Mother means nothing if not comfort, after all.

When you’re pushing the boundaries, you’ll still want to know that nothing can push me over. When you’re testing the limits, you’ll still want to know you can test me all you want, but I’m not going anywhere.  

And when–forgive me for saying it–but when the tantrums come (I have a feeling they will at 13 or 14 as they did at age 2), you’ll still want to know that I won’t have a tantrum of my own to match yours.  

See, when your seas turn murky, it’s tempting for me to jump off the boat and join you in the fray.  t’s tempting to think, “I’ve never had a tween daughter before! I don’t know how to do this!”

No, I haven’t had a tween daughter before. 

But I’ve been a tween daughter before. And I know what she needed. She needed to know that no matter how stormy the seas were, the boat would not be rocked. She needed to know that she could have her ups and downs and could test her independence, but some things would never change. She needed to know that she could do all the normal pre-teen things, and her parent would not be shocked. She needed to know there was nothing she could do to get her kicked off the boat.

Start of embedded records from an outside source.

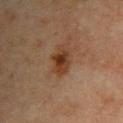No biopsy was performed on this lesion — it was imaged during a full skin examination and was not determined to be concerning.
Approximately 3.5 mm at its widest.
From the upper back.
Captured under cross-polarized illumination.
Cropped from a whole-body photographic skin survey; the tile spans about 15 mm.
A male patient, about 45 years old.

RELATED: Dear Teenage Daughter, I Will Be Right Here Waiting For You to Come Back to Me

And, dear girl of mine, I know something now that I didn’t know then: God is the boat. And He will not be rocked. He won’t be surprised by our trials, either. See, He’s been there before, with all His daughters and sons.

When I don’t know what to do, He does. He’ll hold us both, no matter how dark or wide the sea. So climb into the boat with me, dear daughter, and we’ll ride out the storm together.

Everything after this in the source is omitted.